> **Extracted entries**:
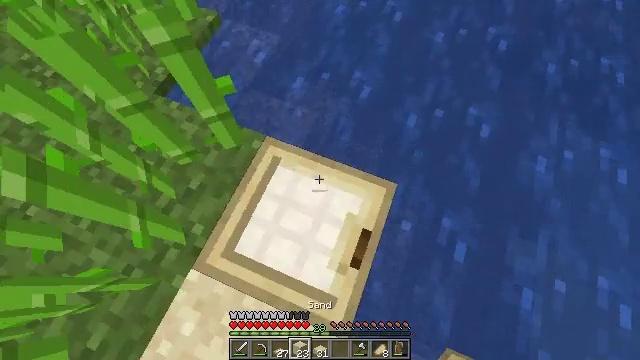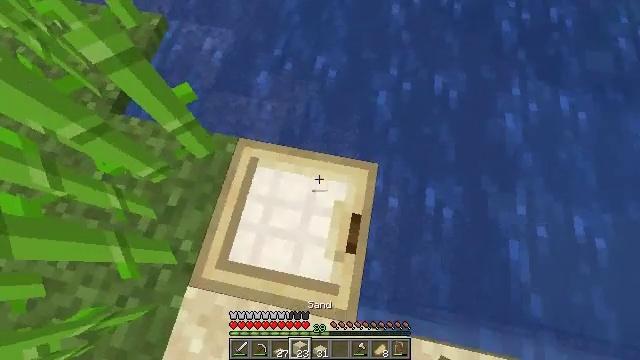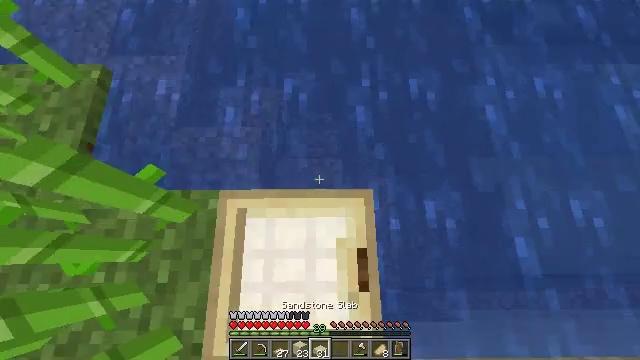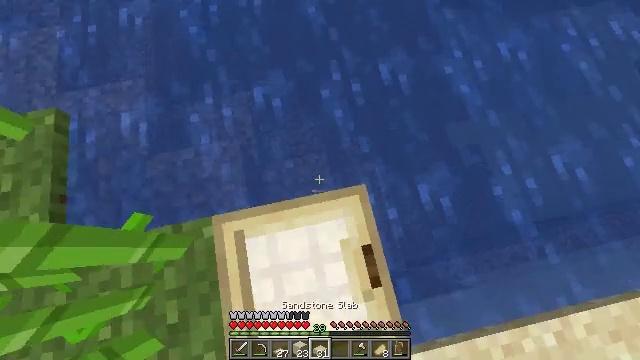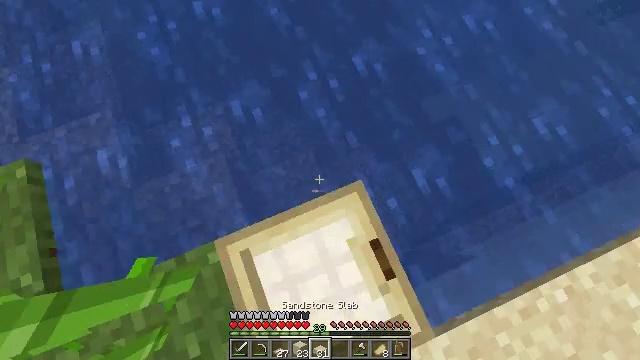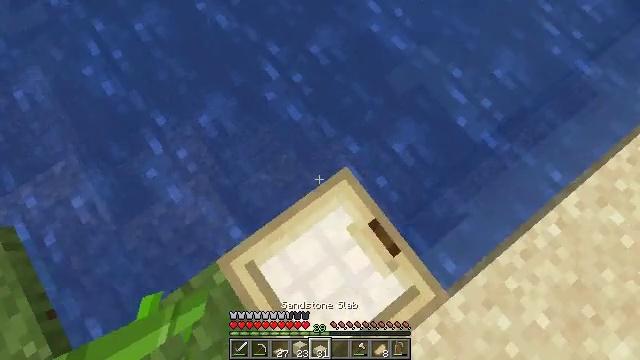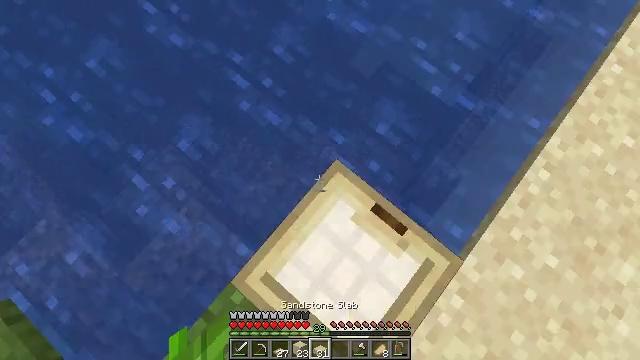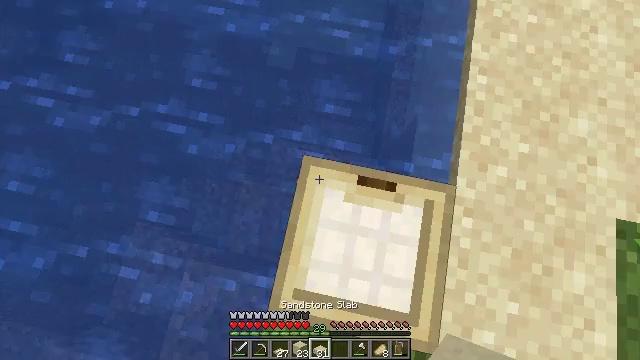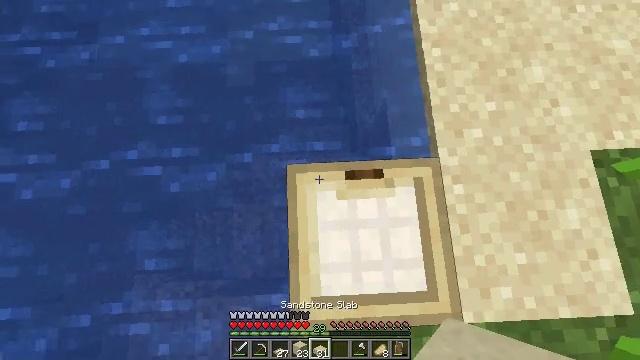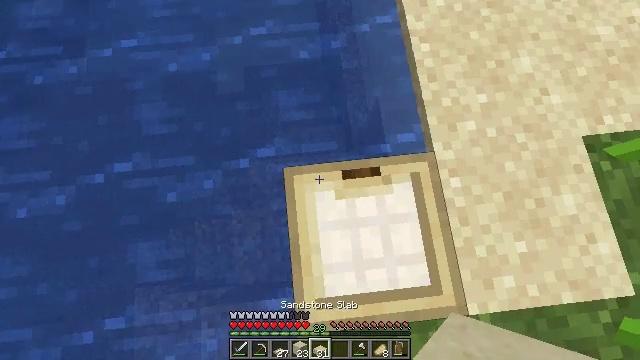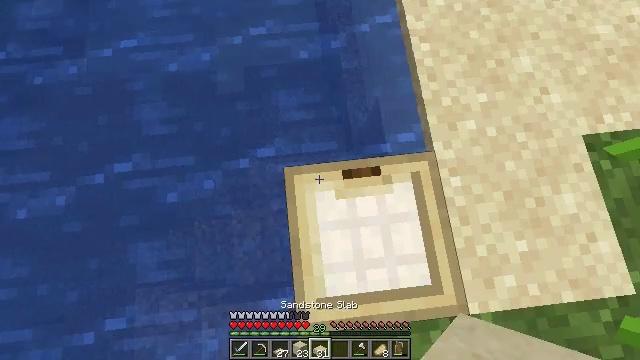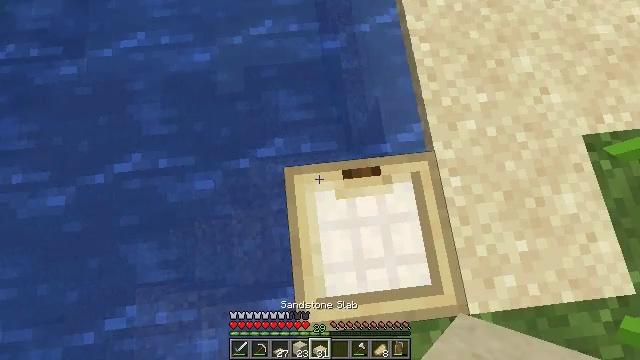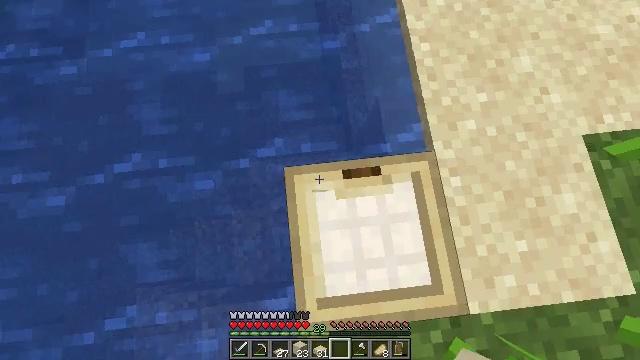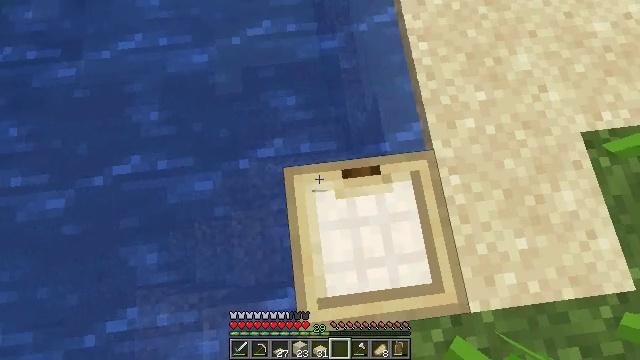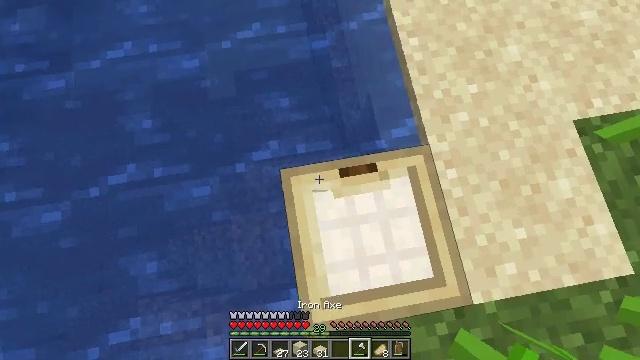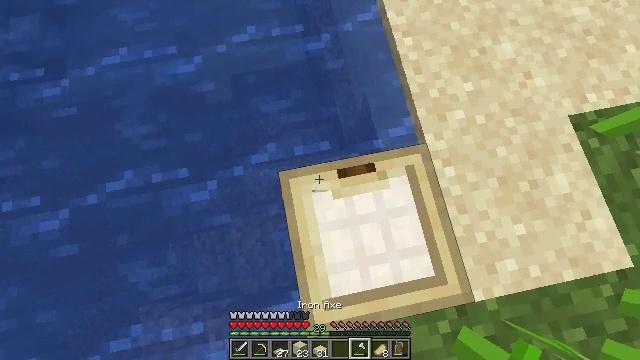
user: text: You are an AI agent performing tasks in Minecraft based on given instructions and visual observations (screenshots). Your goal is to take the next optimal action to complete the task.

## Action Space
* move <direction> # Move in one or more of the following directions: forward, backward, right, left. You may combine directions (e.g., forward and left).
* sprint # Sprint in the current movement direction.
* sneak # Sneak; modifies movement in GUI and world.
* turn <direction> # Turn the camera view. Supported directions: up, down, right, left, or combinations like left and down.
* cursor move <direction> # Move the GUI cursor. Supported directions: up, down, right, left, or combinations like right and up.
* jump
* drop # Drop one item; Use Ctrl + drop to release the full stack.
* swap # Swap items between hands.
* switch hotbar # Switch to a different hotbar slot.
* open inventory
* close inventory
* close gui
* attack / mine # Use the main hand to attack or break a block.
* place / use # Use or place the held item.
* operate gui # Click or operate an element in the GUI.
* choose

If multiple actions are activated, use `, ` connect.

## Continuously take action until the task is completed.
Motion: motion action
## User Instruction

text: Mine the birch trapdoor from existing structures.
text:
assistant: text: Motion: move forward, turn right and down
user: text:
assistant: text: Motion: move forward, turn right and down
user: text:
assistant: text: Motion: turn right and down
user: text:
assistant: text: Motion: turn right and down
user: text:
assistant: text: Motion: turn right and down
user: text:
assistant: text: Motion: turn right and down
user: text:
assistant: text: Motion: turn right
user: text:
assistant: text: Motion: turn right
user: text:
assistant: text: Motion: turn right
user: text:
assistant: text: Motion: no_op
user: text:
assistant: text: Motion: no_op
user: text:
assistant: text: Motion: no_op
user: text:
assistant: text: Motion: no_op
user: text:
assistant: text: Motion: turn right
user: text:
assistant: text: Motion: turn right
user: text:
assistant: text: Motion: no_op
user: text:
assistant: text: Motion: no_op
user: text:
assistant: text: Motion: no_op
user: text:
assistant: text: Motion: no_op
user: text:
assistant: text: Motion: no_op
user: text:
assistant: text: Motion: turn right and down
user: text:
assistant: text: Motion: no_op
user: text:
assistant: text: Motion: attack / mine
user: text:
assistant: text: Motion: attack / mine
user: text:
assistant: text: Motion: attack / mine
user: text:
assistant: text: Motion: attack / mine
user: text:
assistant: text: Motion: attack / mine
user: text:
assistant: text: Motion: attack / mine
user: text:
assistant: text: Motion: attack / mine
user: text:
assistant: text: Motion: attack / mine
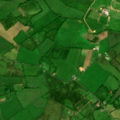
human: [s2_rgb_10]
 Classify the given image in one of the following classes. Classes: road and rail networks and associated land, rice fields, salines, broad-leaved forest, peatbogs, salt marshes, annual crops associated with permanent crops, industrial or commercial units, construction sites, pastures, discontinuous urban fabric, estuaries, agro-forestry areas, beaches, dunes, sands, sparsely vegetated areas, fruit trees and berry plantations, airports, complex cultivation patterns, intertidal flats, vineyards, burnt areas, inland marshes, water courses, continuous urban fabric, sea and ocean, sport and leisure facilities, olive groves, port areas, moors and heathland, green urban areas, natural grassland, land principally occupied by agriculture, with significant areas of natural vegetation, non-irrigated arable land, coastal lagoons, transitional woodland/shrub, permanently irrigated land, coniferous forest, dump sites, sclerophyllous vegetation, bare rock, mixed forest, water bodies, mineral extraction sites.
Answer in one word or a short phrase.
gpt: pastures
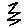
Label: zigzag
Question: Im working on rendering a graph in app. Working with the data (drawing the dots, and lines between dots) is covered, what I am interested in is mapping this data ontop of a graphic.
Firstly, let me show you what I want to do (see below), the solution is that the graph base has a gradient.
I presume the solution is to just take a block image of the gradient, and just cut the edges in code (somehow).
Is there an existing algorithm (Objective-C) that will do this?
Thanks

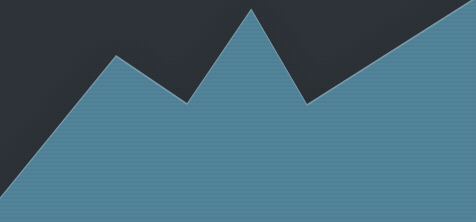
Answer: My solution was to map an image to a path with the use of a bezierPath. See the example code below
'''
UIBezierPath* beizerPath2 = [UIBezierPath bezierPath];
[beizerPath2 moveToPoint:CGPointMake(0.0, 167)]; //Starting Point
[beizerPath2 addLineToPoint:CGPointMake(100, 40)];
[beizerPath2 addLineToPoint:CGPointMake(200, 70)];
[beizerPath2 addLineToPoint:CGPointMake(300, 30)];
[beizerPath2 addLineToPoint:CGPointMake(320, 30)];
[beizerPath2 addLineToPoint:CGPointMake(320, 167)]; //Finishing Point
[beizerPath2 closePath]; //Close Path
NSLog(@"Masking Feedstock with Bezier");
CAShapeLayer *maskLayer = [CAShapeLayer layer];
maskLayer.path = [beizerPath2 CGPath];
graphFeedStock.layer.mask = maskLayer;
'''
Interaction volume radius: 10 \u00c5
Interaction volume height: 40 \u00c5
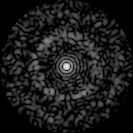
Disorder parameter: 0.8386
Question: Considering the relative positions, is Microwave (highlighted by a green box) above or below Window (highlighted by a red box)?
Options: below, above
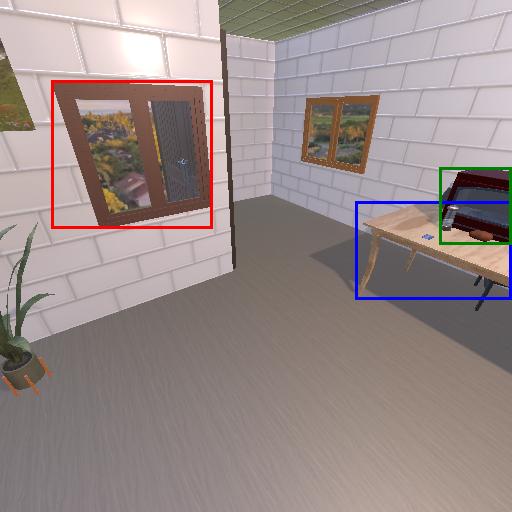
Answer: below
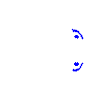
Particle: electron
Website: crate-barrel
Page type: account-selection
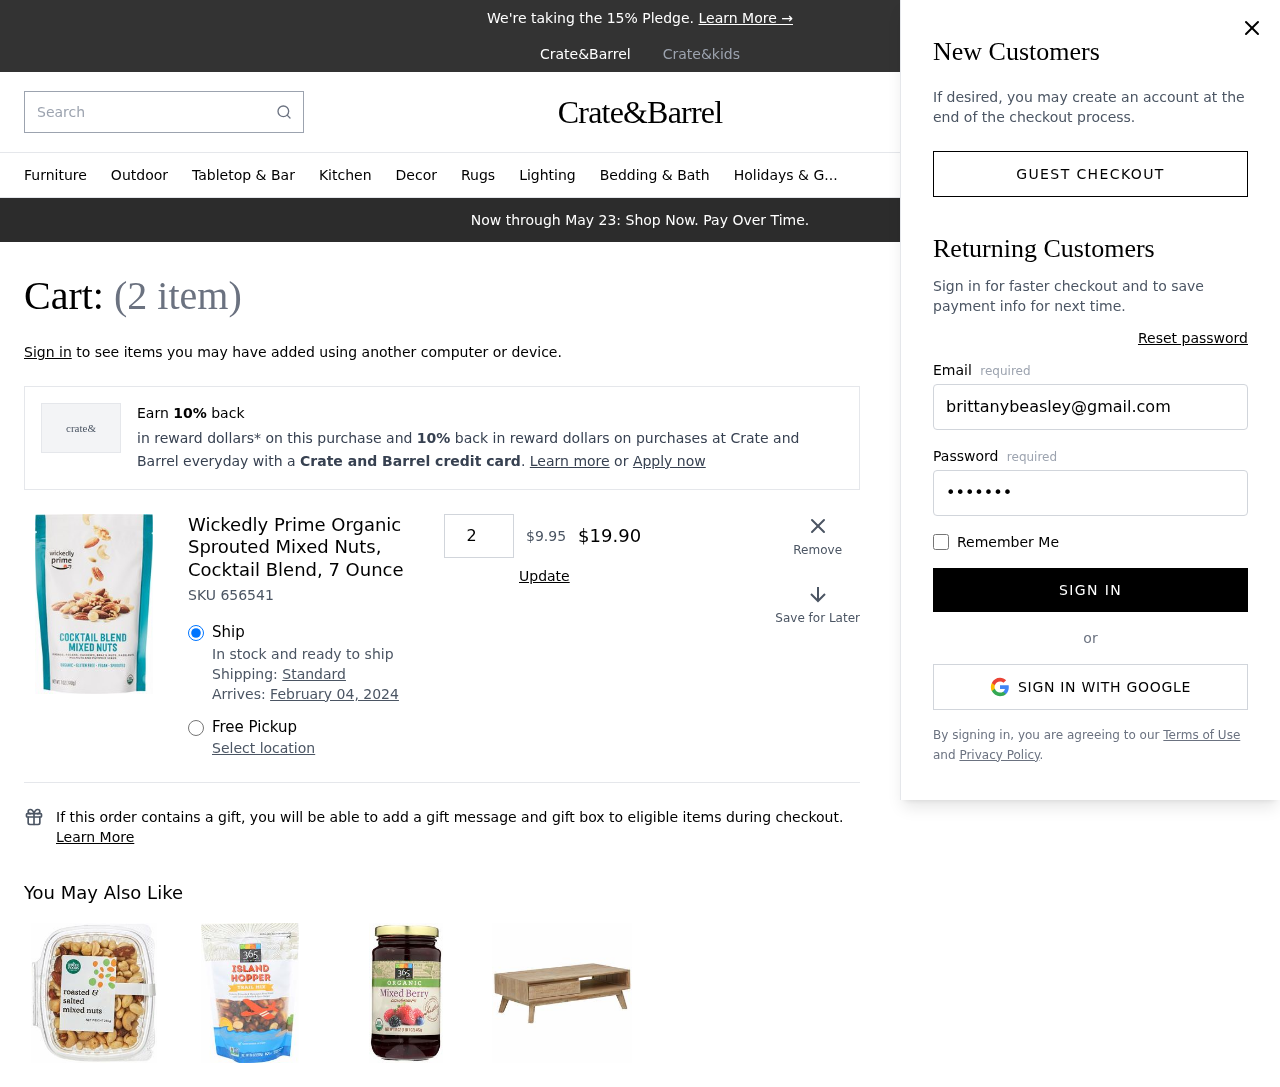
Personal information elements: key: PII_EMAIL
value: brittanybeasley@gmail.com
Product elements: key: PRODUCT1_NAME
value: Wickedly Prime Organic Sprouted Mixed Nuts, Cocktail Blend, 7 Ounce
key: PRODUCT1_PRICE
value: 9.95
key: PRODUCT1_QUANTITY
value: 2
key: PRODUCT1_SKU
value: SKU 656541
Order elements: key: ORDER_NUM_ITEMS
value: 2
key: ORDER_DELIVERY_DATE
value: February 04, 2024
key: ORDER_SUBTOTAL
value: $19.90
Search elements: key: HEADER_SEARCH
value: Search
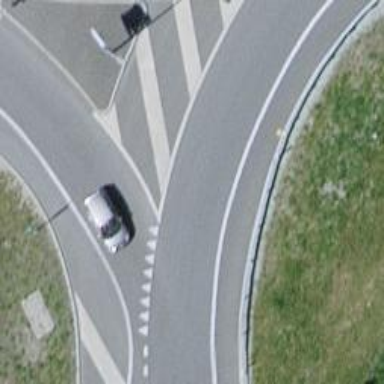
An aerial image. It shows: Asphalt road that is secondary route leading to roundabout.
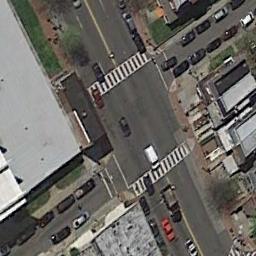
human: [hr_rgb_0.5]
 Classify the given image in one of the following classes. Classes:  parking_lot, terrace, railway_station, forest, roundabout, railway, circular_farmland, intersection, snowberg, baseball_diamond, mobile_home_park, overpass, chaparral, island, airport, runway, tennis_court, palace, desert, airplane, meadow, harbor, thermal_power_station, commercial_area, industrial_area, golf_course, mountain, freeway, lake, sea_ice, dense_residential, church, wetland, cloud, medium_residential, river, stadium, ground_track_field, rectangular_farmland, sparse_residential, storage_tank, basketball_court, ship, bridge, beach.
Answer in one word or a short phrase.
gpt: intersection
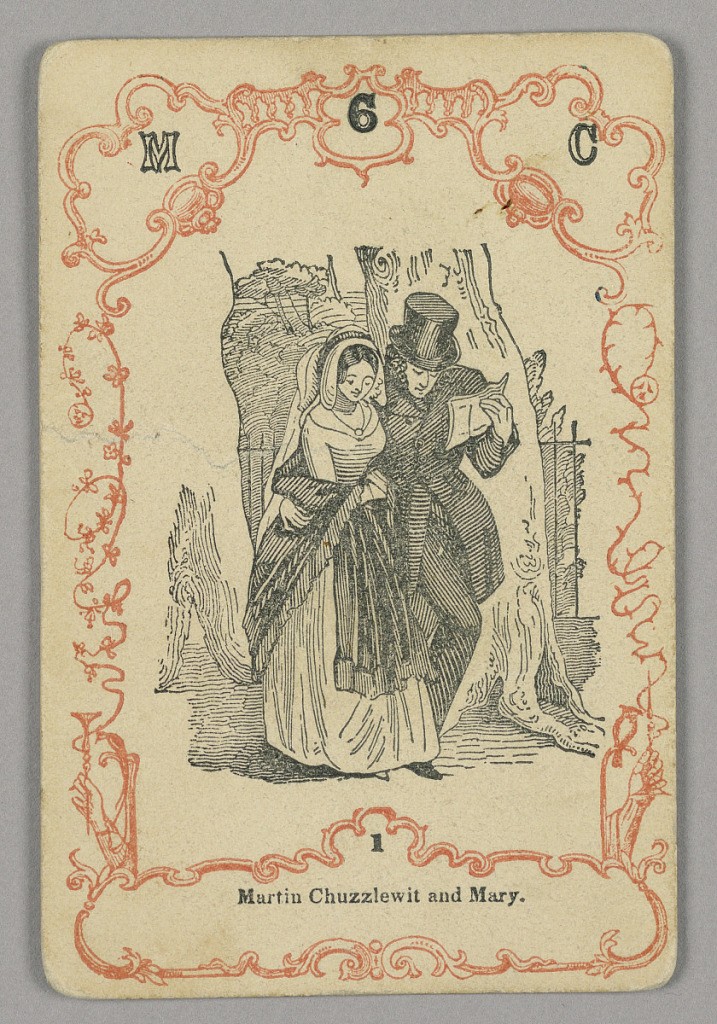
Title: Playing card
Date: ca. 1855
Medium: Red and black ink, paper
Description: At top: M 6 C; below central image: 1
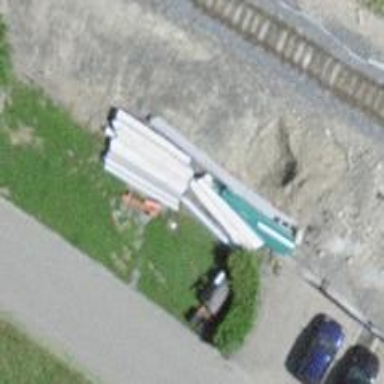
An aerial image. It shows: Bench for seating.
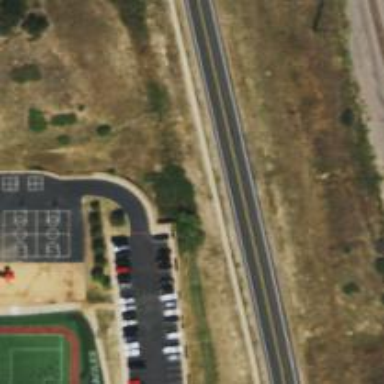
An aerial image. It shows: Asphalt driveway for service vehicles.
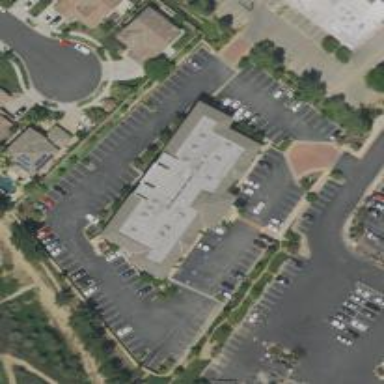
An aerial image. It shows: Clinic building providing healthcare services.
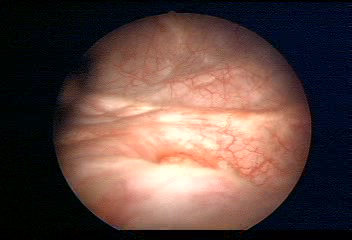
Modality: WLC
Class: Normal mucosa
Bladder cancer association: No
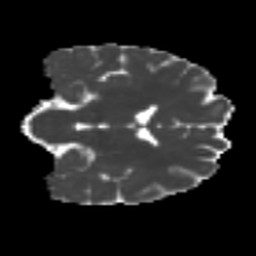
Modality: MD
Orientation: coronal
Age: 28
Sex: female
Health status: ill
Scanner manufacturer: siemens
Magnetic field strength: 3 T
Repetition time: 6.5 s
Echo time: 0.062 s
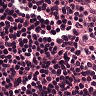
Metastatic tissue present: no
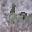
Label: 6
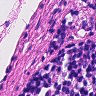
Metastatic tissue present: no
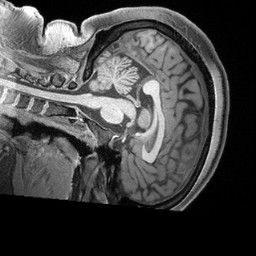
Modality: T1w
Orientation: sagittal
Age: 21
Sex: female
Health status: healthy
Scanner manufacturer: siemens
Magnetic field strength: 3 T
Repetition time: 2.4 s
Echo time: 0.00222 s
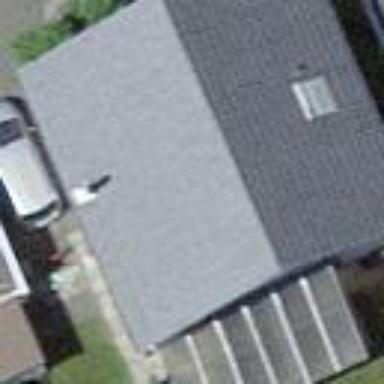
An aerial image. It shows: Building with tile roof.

> **The task**: Go through the data and show each line that holds "given".

> **Response to this exercise**:
user: text: You are an AI agent performing tasks in Minecraft based on given instructions and visual observations (screenshots). Your goal is to take the next optimal action to complete the task.
 Classify the given image in one of the following classes. Classes: road and rail networks and associated land, rice fields, salines, broad-leaved forest, peatbogs, salt marshes, annual crops associated with permanent crops, industrial or commercial units, construction sites, pastures, discontinuous urban fabric, estuaries, agro-forestry areas, beaches, dunes, sands, sparsely vegetated areas, fruit trees and berry plantations, airports, complex cultivation patterns, intertidal flats, vineyards, burnt areas, inland marshes, water courses, continuous urban fabric, sea and ocean, sport and leisure facilities, olive groves, port areas, moors and heathland, green urban areas, natural grassland, land principally occupied by agriculture, with significant areas of natural vegetation, non-irrigated arable land, coastal lagoons, transitional woodland/shrub, permanently irrigated land, coniferous forest, dump sites, sclerophyllous vegetation, bare rock, mixed forest, water bodies, mineral extraction sites.
 Classify the given image in one of the following classes. Classes:  parking_lot, terrace, railway_station, forest, roundabout, railway, circular_farmland, intersection, snowberg, baseball_diamond, mobile_home_park, overpass, chaparral, island, airport, runway, tennis_court, palace, desert, airplane, meadow, harbor, thermal_power_station, commercial_area, industrial_area, golf_course, mountain, freeway, lake, sea_ice, dense_residential, church, wetland, cloud, medium_residential, river, stadium, ground_track_field, rectangular_farmland, sparse_residential, storage_tank, basketball_court, ship, bridge, beach.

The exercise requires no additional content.